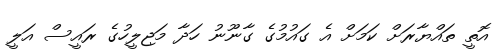
އޮތީ ތައްޔާރަށް ކަމަށް އެ ގައުމުގެ ގާނޫނު ހަދާ މަޖިލީހުގެ ރައީސް އަލީ
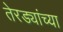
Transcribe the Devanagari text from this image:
तेरड्यांच्या
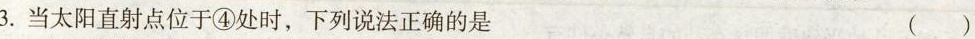
3.当太阳直射点位于④处时，下列说法正确的是 ( )
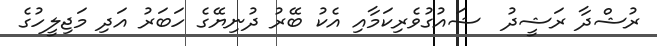
ރުޝްދާ ރަޝީދު  ޝައުގުވެރިކަމާއި އެކު ބޭރު ދުނިޔޭގެ ހަބަރު އަދި މަޖިލީހުގެ
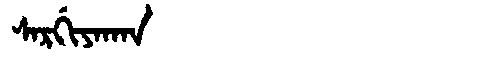
Manchu: ᠰᠠᡵᡤᡳᠶᠠᡴᠠᠨ
Romanization: SARGIYAKAN
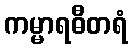
ကမ္မာရဓီတရံ
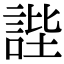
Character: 𧧺
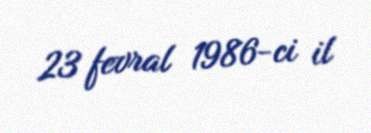
23 fevral 1986-ci il
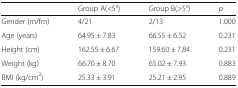
|  | Group A(<5°) | Group B(>5°) | p |
 | --- | --- | --- | --- |
 | Gender (m/fm) | 4/21 | 2/13 | 1.000 |
 | Age (years) | 64.95 ± 7.83 | 66.55 ± 6.52 | 0.231 |
 | Height (cm) | 162.55 ± 6.67 | 159.60 ± 7.84 | 0.231 |
 | Weight (kg) | 66.70 ± 8.70 | 65.02 ± 7.93 | 0.883 |
 | BMI (kg/cm2) | 25.33 ± 3.91 | 25.21 ± 2.95 | 0.889 |
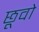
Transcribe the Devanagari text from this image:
छूवो
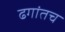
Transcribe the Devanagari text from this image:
ढगांतच
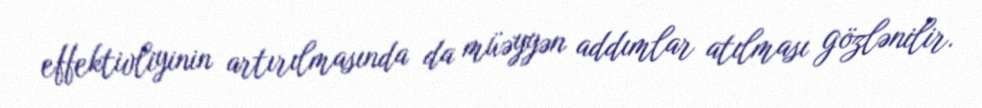
effektivliyinin artırılmasında da müəyyən addımlar atılması gözlənilir.
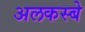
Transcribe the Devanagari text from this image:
अलकस्बे
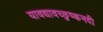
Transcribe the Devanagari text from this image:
यावद्यावच्छुष्कनदी
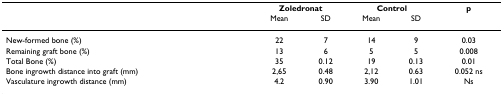
|  | <COLSPAN=2> Zoledronat | <COLSPAN=2> Control | p |
 |  | Mean | SD | Mean | SD |  |
 | --- | --- | --- | --- | --- | --- |
 | New-formed bone (%) | 22 | 7 | 14 | 9 | 0.03 |
 | Remaining graft bone (%) | 13 | 6 | 5 | 5 | 0.008 |
 | Total Bone (%) | 35 | 0.12 | 19 | 0.13 | 0.01 |
 | Bone ingrowth distance into graft (mm) | 2,65 | 0.48 | 2,12 | 0.63 | 0.052 ns |
 | Vasculature ingrowth distance (mm) | 4.2 | 0.90 | 3.90 | 1.01 | Ns |
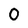
Character: 0
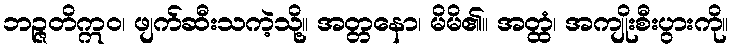
ဘဉ္ဇတိဣဝ၊ ဖျက်ဆီးသကဲ့သို့။ အတ္တနော၊ မိမိ၏။ အတ္ထံ၊ အကျိုးစီးပွားကို။
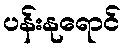
ပန်းနုရောင်
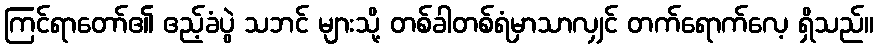
ကြင်ရာတော်၏ ဧည့်ခံပွဲ သဘင် များသို့ တစ်ခါတစ်ရံမှာသာလျှင် တက်ရောက်လေ့ ရှိသည်။
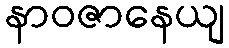
နာဝဇာနေယျ
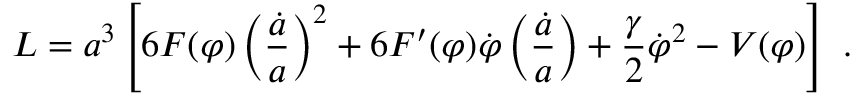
◇ ◇ ◇
Print each line of the listing, starting at its first and ending with the line that holds "Character: 𧧺", but skip any pictures.

The completed task:
އޮތީ ތައްޔާރަށް ކަމަށް އެ ގައުމުގެ ގާނޫނު ހަދާ މަޖިލީހުގެ ރައީސް އަލީ
Transcribe the Devanagari text from this image:
तेरड्यांच्या
3.当太阳直射点位于④处时，下列说法正确的是 ( )
ރުޝްދާ ރަޝީދު  ޝައުގުވެރިކަމާއި އެކު ބޭރު ދުނިޔޭގެ ހަބަރު އަދި މަޖިލީހުގެ
Manchu: ᠰᠠᡵᡤᡳᠶᠠᡴᠠᠨ
Romanization: SARGIYAKAN
ကမ္မာရဓီတရံ
Character: 𧧺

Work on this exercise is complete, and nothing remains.